**ABOUT THIS EXERCISE:** Any pictures should be dropped; everything else in the records is to be returned exactly.

Start of INFORMATION SUPPLIED

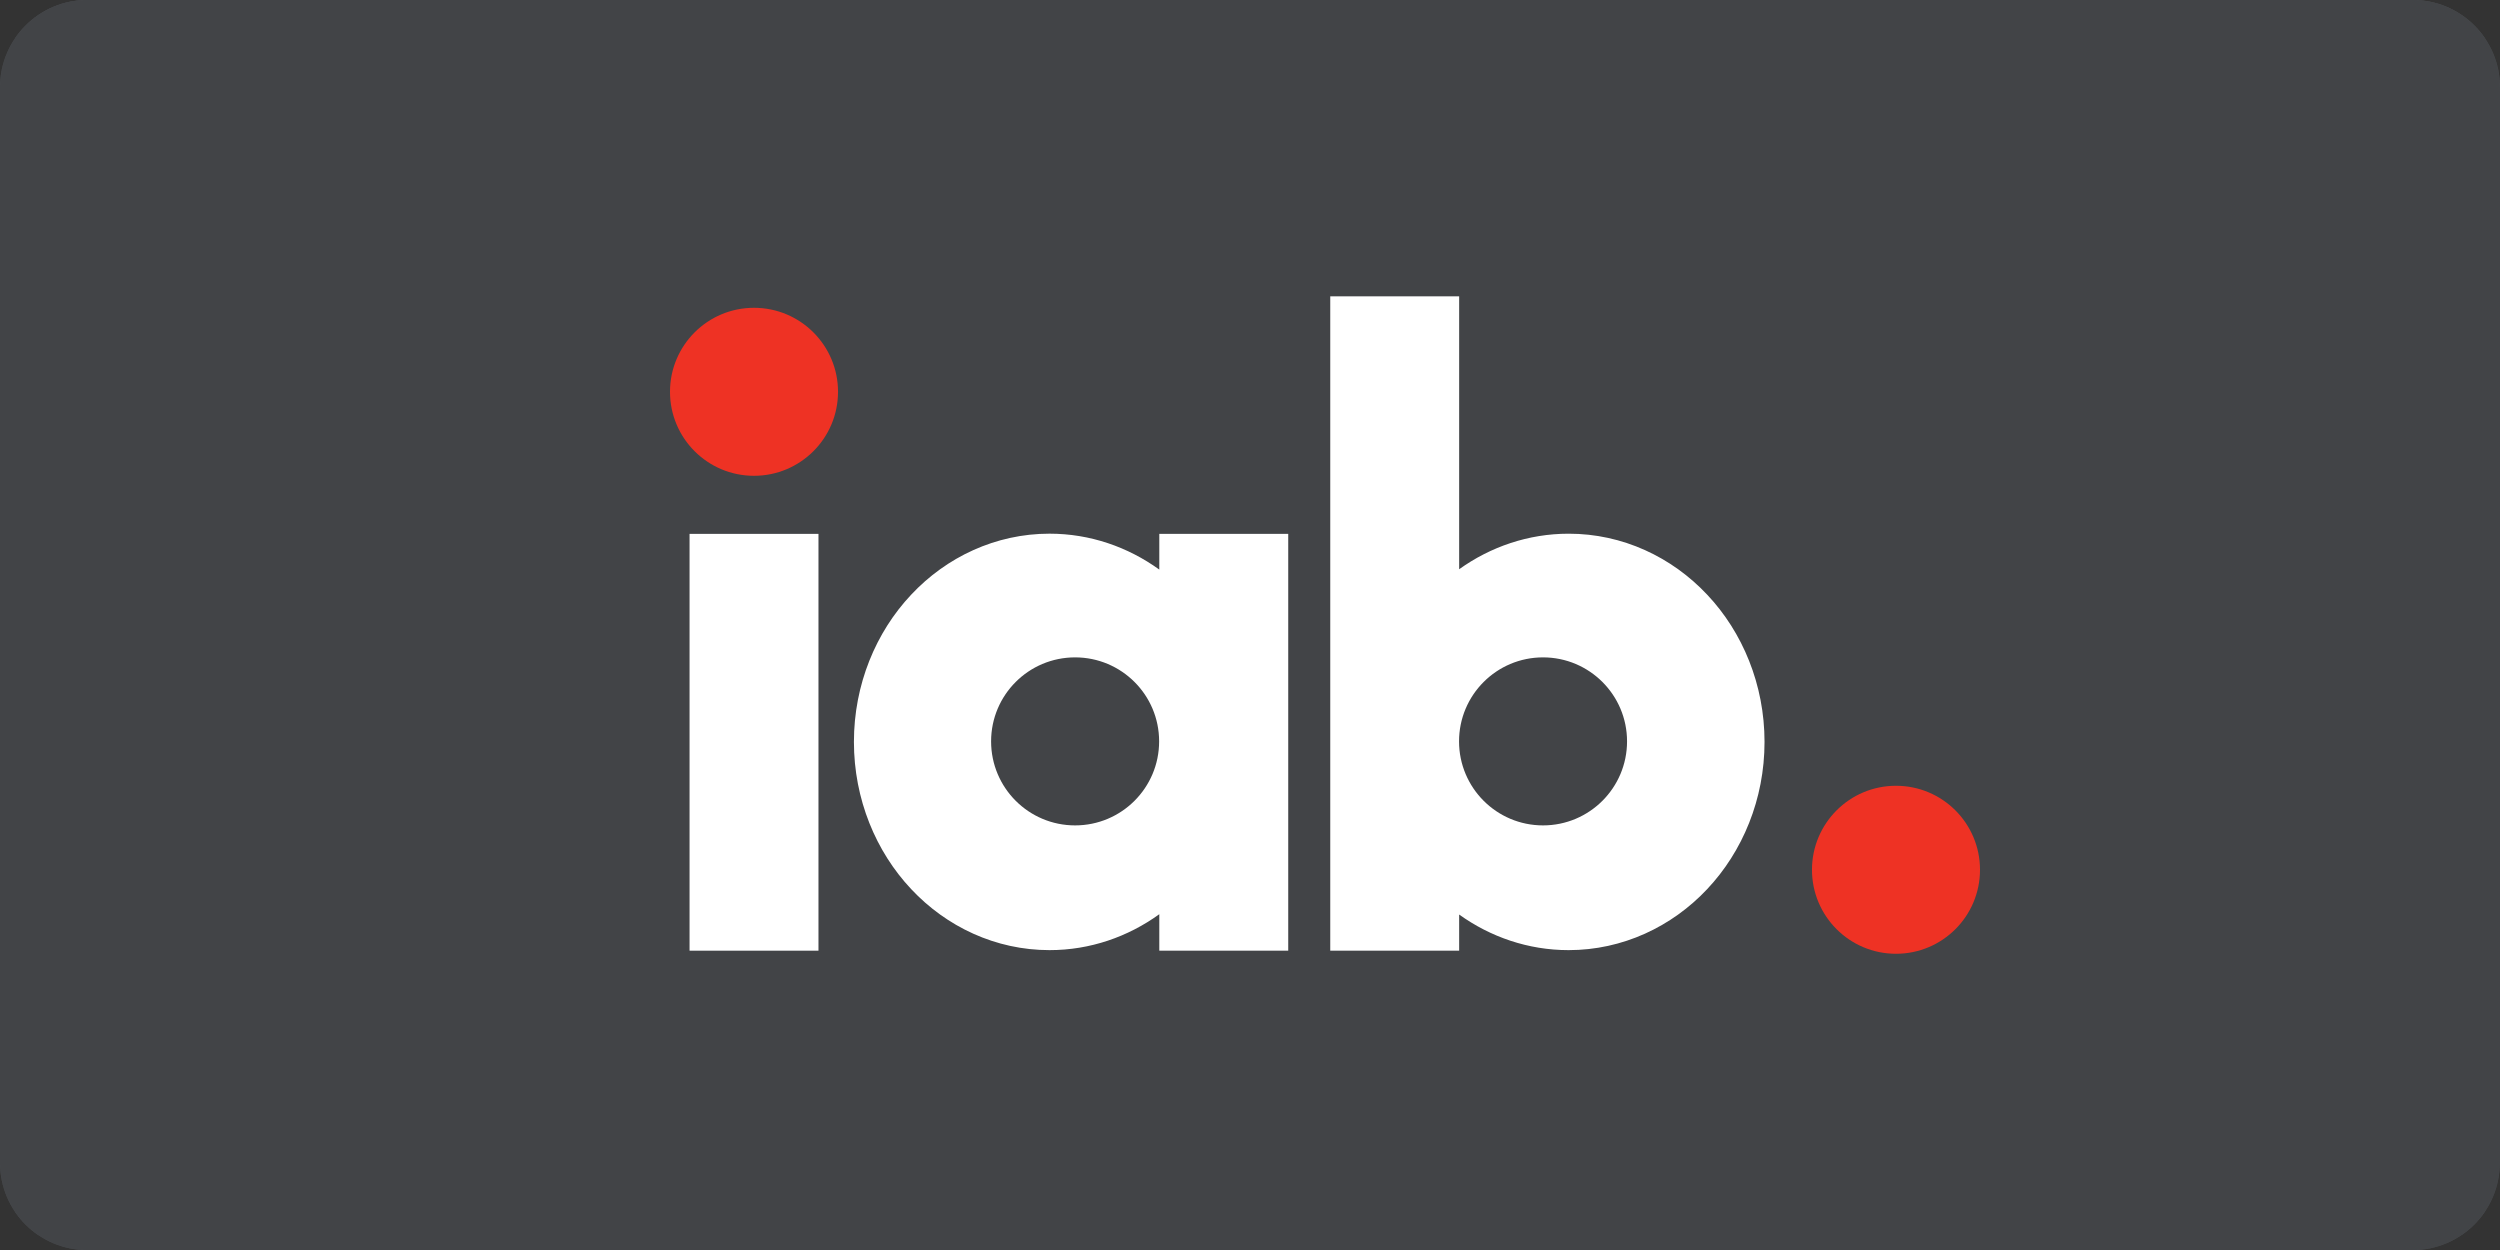 <?xml version="1.0" encoding="UTF-8"?>
<svg id="Layer_2" data-name="Layer 2" xmlns="http://www.w3.org/2000/svg" xmlns:xlink="http://www.w3.org/1999/xlink" viewBox="0 0 1000 500.04">
  <rect x="0" y="0" width="1000" height="500.04" fill="#333333" stroke="none"/>
  <defs>
    <style>
      .cls-1 {
        fill: none;
      }

      .cls-2, .cls-3 {
        fill: #52565c;
      }

      .cls-3 {
        fill-rule: evenodd;
      }

      .cls-4 {
        clip-path: url(#clippath-1);
      }

      .cls-5 {
        fill: #fff;
      }

      .cls-6 {
        fill: #ee3224;
      }

      .cls-7 {
        opacity: .5;
      }

      .cls-8 {
        clip-path: url(#clippath);
      }
    </style>
    <clipPath id="clippath">
      <path class="cls-1" d="M999.93,250.02v215.1c0,19.28-15.64,34.92-34.92,34.92H34.92c-19.28,0-34.92-15.64-34.92-34.92V34.92C0,15.64,15.64,0,34.92,0h930.16c19.28,0,34.92,15.64,34.92,34.92v215.1h-.07Z"/>
    </clipPath>
    <clipPath id="clippath-1">
      <rect class="cls-1" y="0" width="999.93" height="499.96"/>
    </clipPath>
  </defs>
  <g id="Layer_1-2" data-name="Layer 1">
    <g id="Layer_1-2" data-name="Layer 1-2">
      <g class="cls-7">
        <path class="cls-3" d="M999.93,250.02v215.1c0,19.28-15.64,34.92-34.92,34.92H34.92c-19.28,0-34.92-15.64-34.92-34.92V34.92C0,15.64,15.64,0,34.92,0h930.16c19.28,0,34.92,15.64,34.92,34.92v215.1h-.07Z"/>
        <g class="cls-8">
          <g>
            <rect class="cls-2" width="999.93" height="499.96"/>
            <g class="cls-4">
              <rect class="cls-2" x="6.03" y="0" width="987.86" height="493.93" rx="7.17" ry="7.17"/>
            </g>
          </g>
        </g>
      </g>
    </g>
    <g>
      <path class="cls-6" d="M758.4,314.31c-18.56,0-33.61,15.04-33.61,33.6s15.04,33.6,33.61,33.6,33.6-15.04,33.6-33.6-15.04-33.6-33.6-33.6"/>
      <path class="cls-6" d="M301.6,123.12c-18.56,0-33.6,15.04-33.6,33.6s15.04,33.6,33.6,33.6,33.61-15.04,33.61-33.6-15.05-33.6-33.61-33.6"/>
      <rect class="cls-5" x="275.82" y="213.55" width="51.57" height="166.72"/>
      <path class="cls-5" d="M617.21,330.16c-18.55,0-33.59-15.05-33.59-33.61s15.04-33.6,33.59-33.6,33.61,15.04,33.61,33.6-15.05,33.61-33.61,33.61M682.87,237.87c-14.11-15.03-33.84-24.41-55.41-24.39-16.16,0-31.29,5.26-43.8,14.22v-109.18h-51.56v261.75h51.56v-14.46c12.5,8.97,27.61,14.24,43.76,14.24h.04c21.56,0,41.3-9.37,55.41-24.4,14.14-14.99,22.95-35.97,22.94-58.89.01-22.91-8.8-43.91-22.94-58.89"/>
      <path class="cls-5" d="M430.04,330.16c-18.56,0-33.6-15.04-33.6-33.61s15.04-33.6,33.6-33.6,33.61,15.04,33.61,33.6-15.04,33.61-33.61,33.61M463.72,213.56v14.28c-12.53-9.05-27.7-14.37-43.92-14.37-21.53,0-41.24,9.37-55.32,24.4-14.13,14.99-22.92,35.97-22.91,58.89,0,22.92,8.79,43.9,22.91,58.89,14.08,15.04,33.79,24.41,55.32,24.4h.04c16.2,0,31.37-5.32,43.88-14.37v14.6h51.57v-166.72h-51.57Z"/>
    </g>
  </g>
</svg>

End of INFORMATION SUPPLIED

**OUTPUT FOR THIS EXERCISE:**
 <?xml version="1.0" encoding="UTF-8"?>
<svg id="Layer_2" data-name="Layer 2" xmlns="http://www.w3.org/2000/svg" xmlns:xlink="http://www.w3.org/1999/xlink" viewBox="0 0 1000 500.04">
  <rect x="0" y="0" width="1000" height="500.04" fill="#333333" stroke="none"/>
  <defs>
    <style>
      .cls-1 {
        fill: none;
      }

      .cls-2, .cls-3 {
        fill: #52565c;
      }

      .cls-3 {
        fill-rule: evenodd;
      }

      .cls-4 {
        clip-path: url(#clippath-1);
      }

      .cls-5 {
        fill: #fff;
      }

      .cls-6 {
        fill: #ee3224;
      }

      .cls-7 {
        opacity: .5;
      }

      .cls-8 {
        clip-path: url(#clippath);
      }
    </style>
    <clipPath id="clippath">
      <path class="cls-1" d="M999.93,250.02v215.1c0,19.28-15.64,34.92-34.92,34.92H34.92c-19.28,0-34.92-15.64-34.92-34.92V34.92C0,15.64,15.64,0,34.92,0h930.16c19.28,0,34.92,15.64,34.92,34.92v215.1h-.07Z"/>
    </clipPath>
    <clipPath id="clippath-1">
      <rect class="cls-1" y="0" width="999.93" height="499.96"/>
    </clipPath>
  </defs>
  <g id="Layer_1-2" data-name="Layer 1">
    <g id="Layer_1-2" data-name="Layer 1-2">
      <g class="cls-7">
        <path class="cls-3" d="M999.93,250.02v215.1c0,19.28-15.64,34.92-34.92,34.92H34.92c-19.28,0-34.92-15.64-34.92-34.92V34.92C0,15.64,15.64,0,34.92,0h930.16c19.28,0,34.92,15.64,34.92,34.92v215.1h-.07Z"/>
        <g class="cls-8">
          <g>
            <rect class="cls-2" width="999.93" height="499.96"/>
            <g class="cls-4">
              <rect class="cls-2" x="6.03" y="0" width="987.86" height="493.93" rx="7.17" ry="7.17"/>
            </g>
          </g>
        </g>
      </g>
    </g>
    <g>
      <path class="cls-6" d="M758.4,314.31c-18.56,0-33.61,15.04-33.61,33.6s15.04,33.6,33.61,33.6,33.6-15.04,33.6-33.6-15.04-33.6-33.6-33.6"/>
      <path class="cls-6" d="M301.6,123.12c-18.56,0-33.6,15.04-33.6,33.6s15.04,33.6,33.6,33.6,33.61-15.04,33.61-33.6-15.05-33.6-33.61-33.6"/>
      <rect class="cls-5" x="275.82" y="213.55" width="51.57" height="166.72"/>
      <path class="cls-5" d="M617.21,330.16c-18.55,0-33.59-15.05-33.59-33.61s15.04-33.6,33.59-33.6,33.61,15.04,33.61,33.6-15.05,33.61-33.61,33.61M682.87,237.87c-14.11-15.03-33.84-24.41-55.41-24.39-16.16,0-31.29,5.26-43.8,14.22v-109.18h-51.56v261.75h51.56v-14.46c12.5,8.97,27.61,14.24,43.76,14.24h.04c21.56,0,41.3-9.37,55.41-24.4,14.14-14.99,22.95-35.97,22.94-58.89.01-22.91-8.8-43.91-22.94-58.89"/>
      <path class="cls-5" d="M430.04,330.16c-18.56,0-33.6-15.04-33.6-33.61s15.04-33.6,33.6-33.6,33.61,15.04,33.61,33.6-15.04,33.61-33.61,33.61M463.72,213.56v14.28c-12.53-9.05-27.7-14.37-43.92-14.37-21.53,0-41.24,9.37-55.32,24.4-14.13,14.99-22.92,35.97-22.91,58.89,0,22.92,8.79,43.9,22.91,58.89,14.08,15.04,33.79,24.41,55.32,24.4h.04c16.2,0,31.37-5.32,43.88-14.37v14.6h51.57v-166.72h-51.57Z"/>
    </g>
  </g>
</svg>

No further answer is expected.